▶ [Material shown]
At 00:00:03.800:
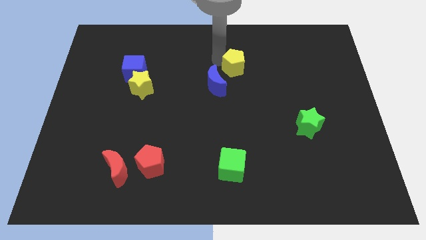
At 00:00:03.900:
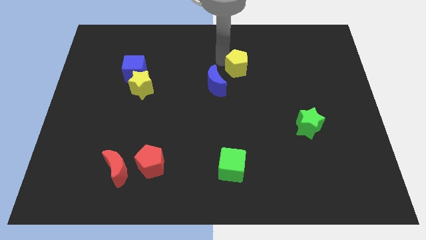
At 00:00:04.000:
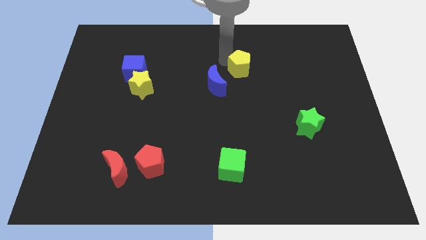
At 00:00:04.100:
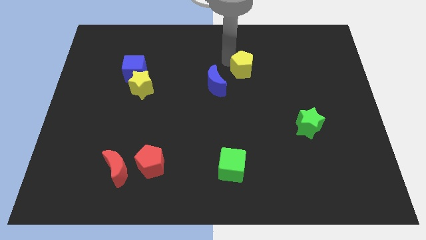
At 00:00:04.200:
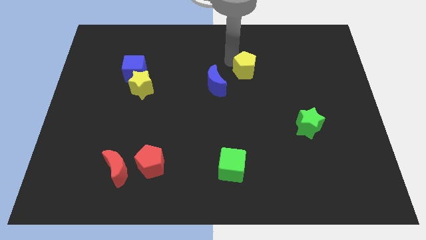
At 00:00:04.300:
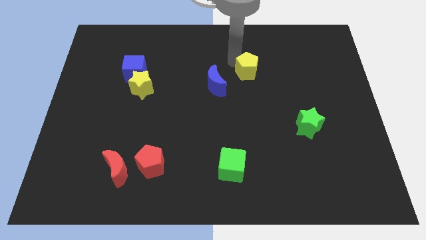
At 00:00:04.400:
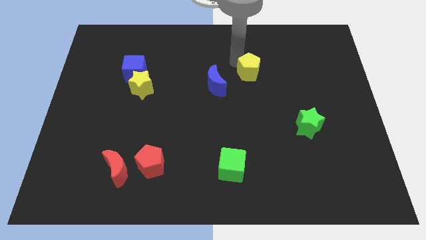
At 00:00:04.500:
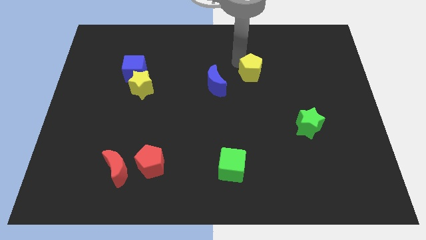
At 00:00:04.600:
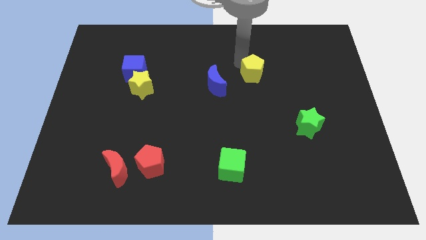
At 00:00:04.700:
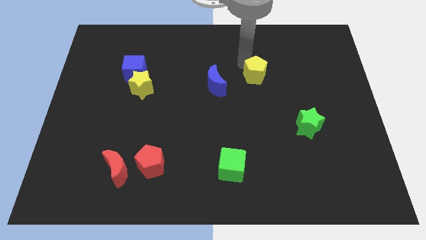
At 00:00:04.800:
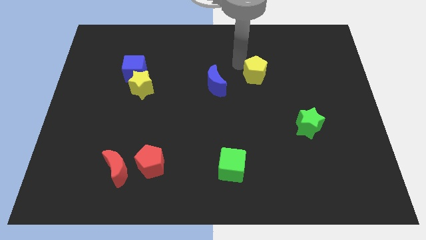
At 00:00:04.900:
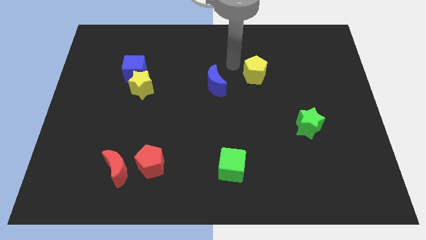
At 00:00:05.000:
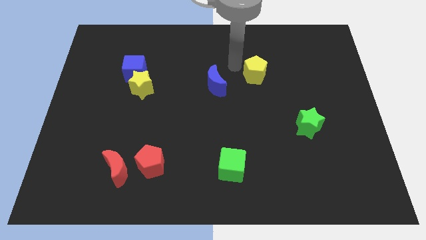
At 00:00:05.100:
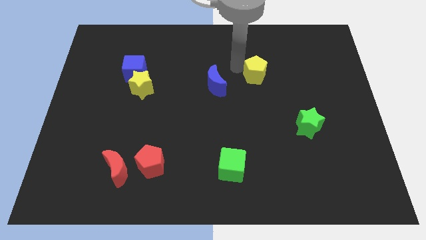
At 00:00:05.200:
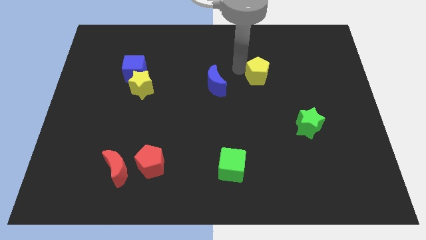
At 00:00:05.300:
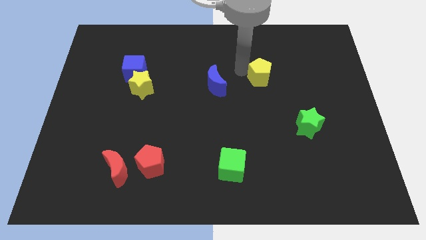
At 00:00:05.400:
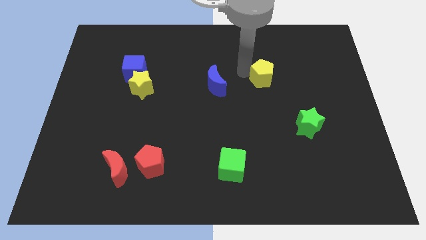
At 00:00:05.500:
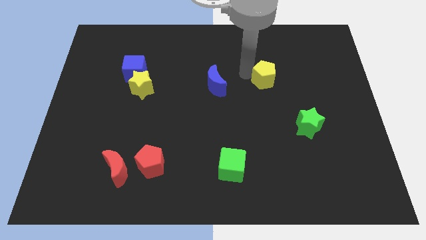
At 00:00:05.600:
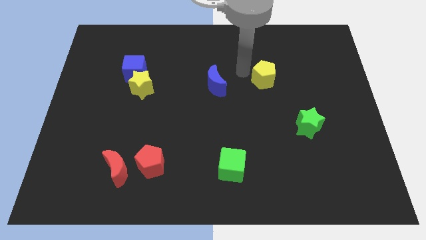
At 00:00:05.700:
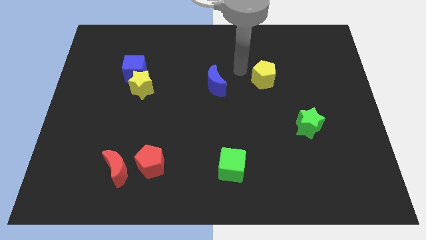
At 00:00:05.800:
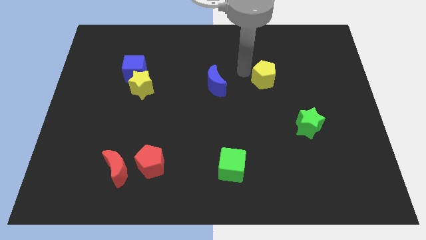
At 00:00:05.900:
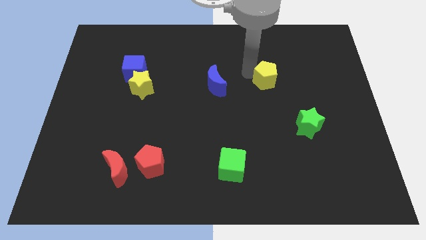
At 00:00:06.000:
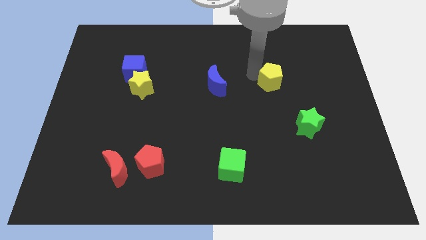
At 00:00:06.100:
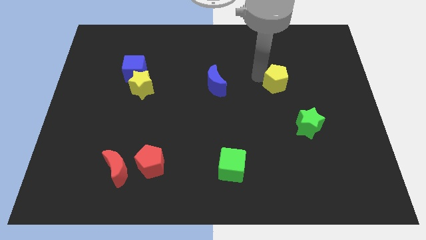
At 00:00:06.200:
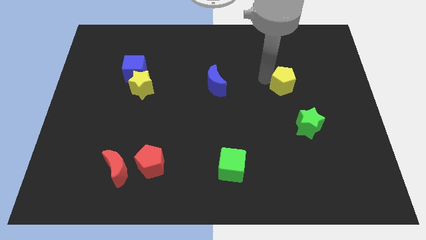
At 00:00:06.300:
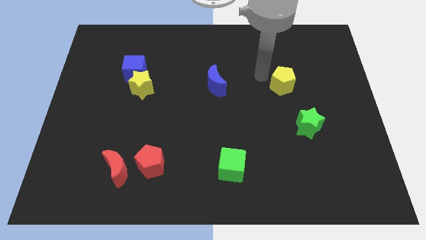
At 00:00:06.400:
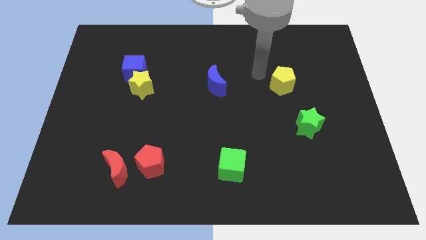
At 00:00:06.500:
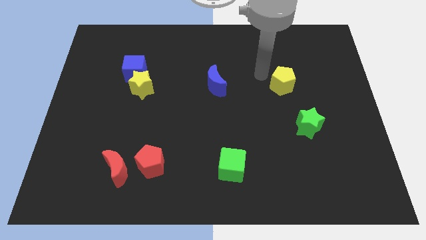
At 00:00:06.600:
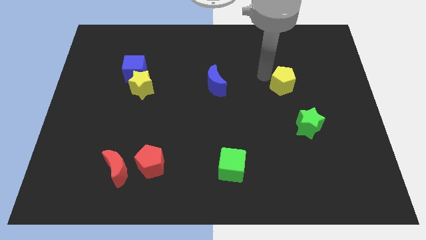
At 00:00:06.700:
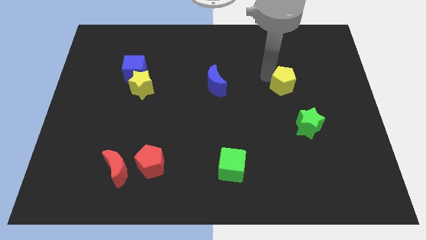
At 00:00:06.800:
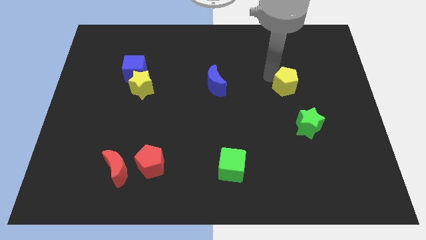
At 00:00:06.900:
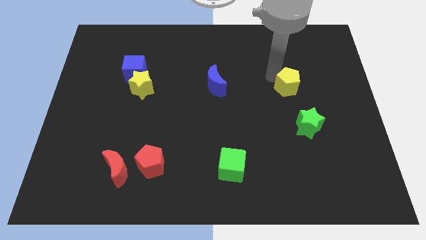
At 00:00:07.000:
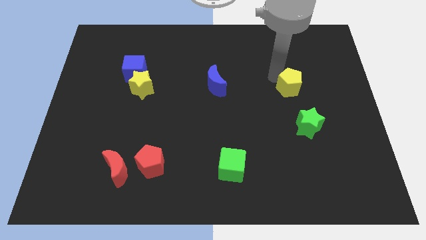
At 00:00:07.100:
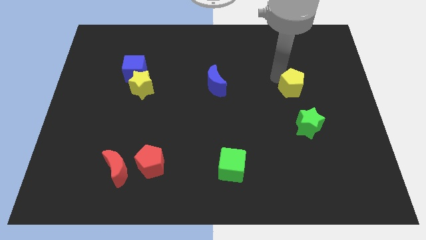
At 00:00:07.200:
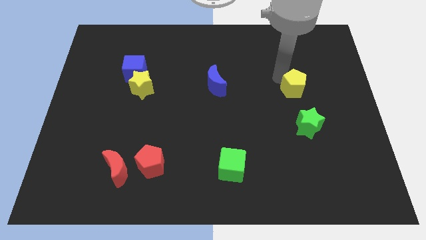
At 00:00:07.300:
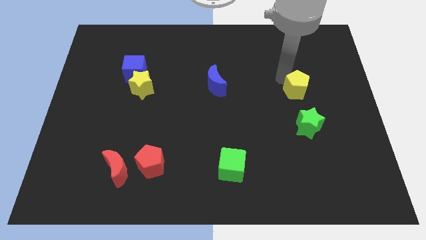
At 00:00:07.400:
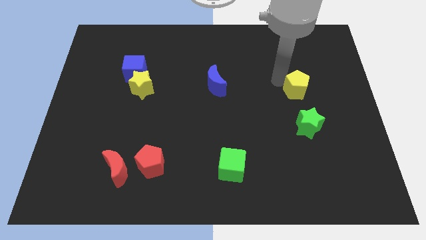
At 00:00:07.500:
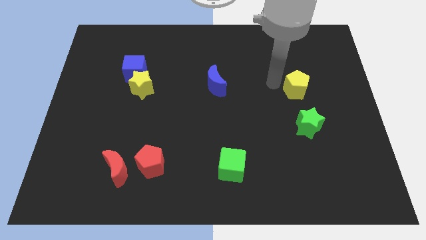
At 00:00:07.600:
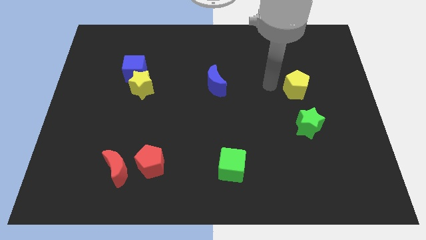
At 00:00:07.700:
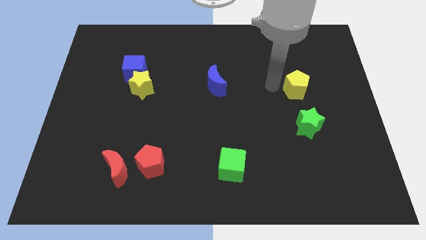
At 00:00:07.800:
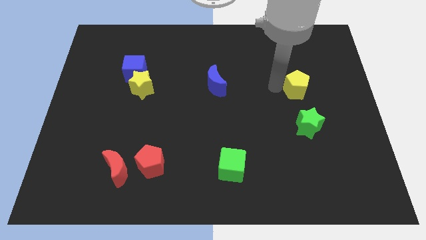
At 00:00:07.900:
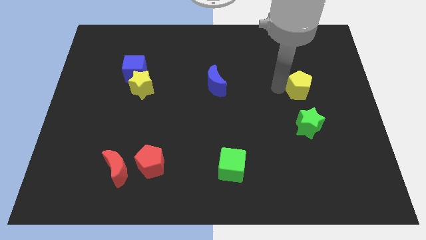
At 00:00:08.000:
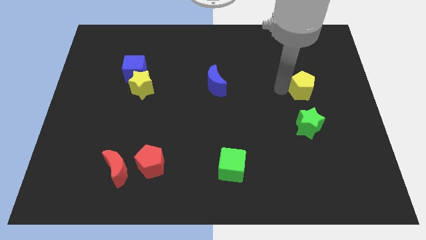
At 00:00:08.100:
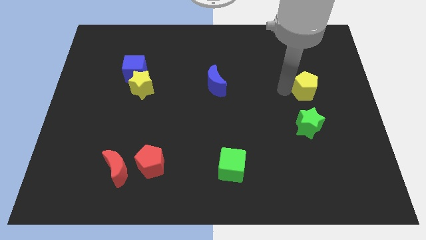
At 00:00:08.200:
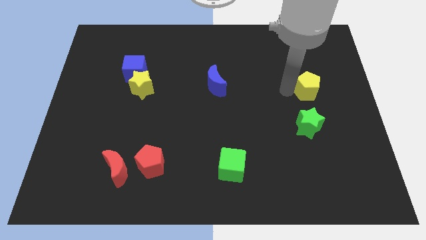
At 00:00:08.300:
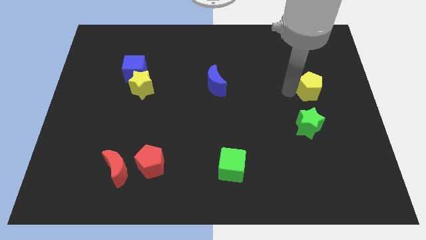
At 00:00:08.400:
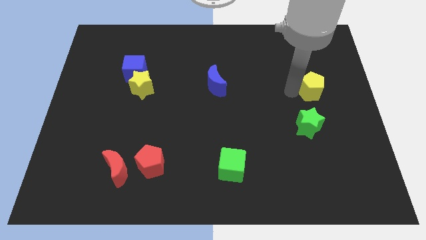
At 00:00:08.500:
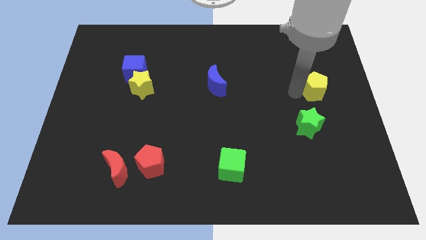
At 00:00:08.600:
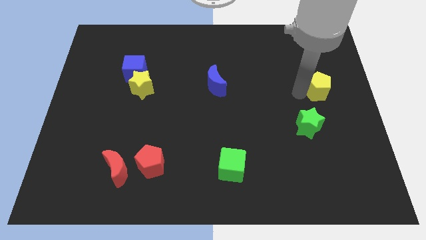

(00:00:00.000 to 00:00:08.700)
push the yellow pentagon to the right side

▶ [Exercise description] The copy you output must match the entries above exactly, except that it has no pictures.

▶ [Exercise answer]
At 00:00:03.800:
At 00:00:03.900:
At 00:00:04.000:
At 00:00:04.100:
At 00:00:04.200:
At 00:00:04.300:
At 00:00:04.400:
At 00:00:04.500:
At 00:00:04.600:
At 00:00:04.700:
At 00:00:04.800:
At 00:00:04.900:
At 00:00:05.000:
At 00:00:05.100:
At 00:00:05.200:
At 00:00:05.300:
At 00:00:05.400:
At 00:00:05.500:
At 00:00:05.600:
At 00:00:05.700:
At 00:00:05.800:
At 00:00:05.900:
At 00:00:06.000:
At 00:00:06.100:
At 00:00:06.200:
At 00:00:06.300:
At 00:00:06.400:
At 00:00:06.500:
At 00:00:06.600:
At 00:00:06.700:
At 00:00:06.800:
At 00:00:06.900:
At 00:00:07.000:
At 00:00:07.100:
At 00:00:07.200:
At 00:00:07.300:
At 00:00:07.400:
At 00:00:07.500:
At 00:00:07.600:
At 00:00:07.700:
At 00:00:07.800:
At 00:00:07.900:
At 00:00:08.000:
At 00:00:08.100:
At 00:00:08.200:
At 00:00:08.300:
At 00:00:08.400:
At 00:00:08.500:
At 00:00:08.600:

(00:00:00.000 to 00:00:08.700)
push the yellow pentagon to the right side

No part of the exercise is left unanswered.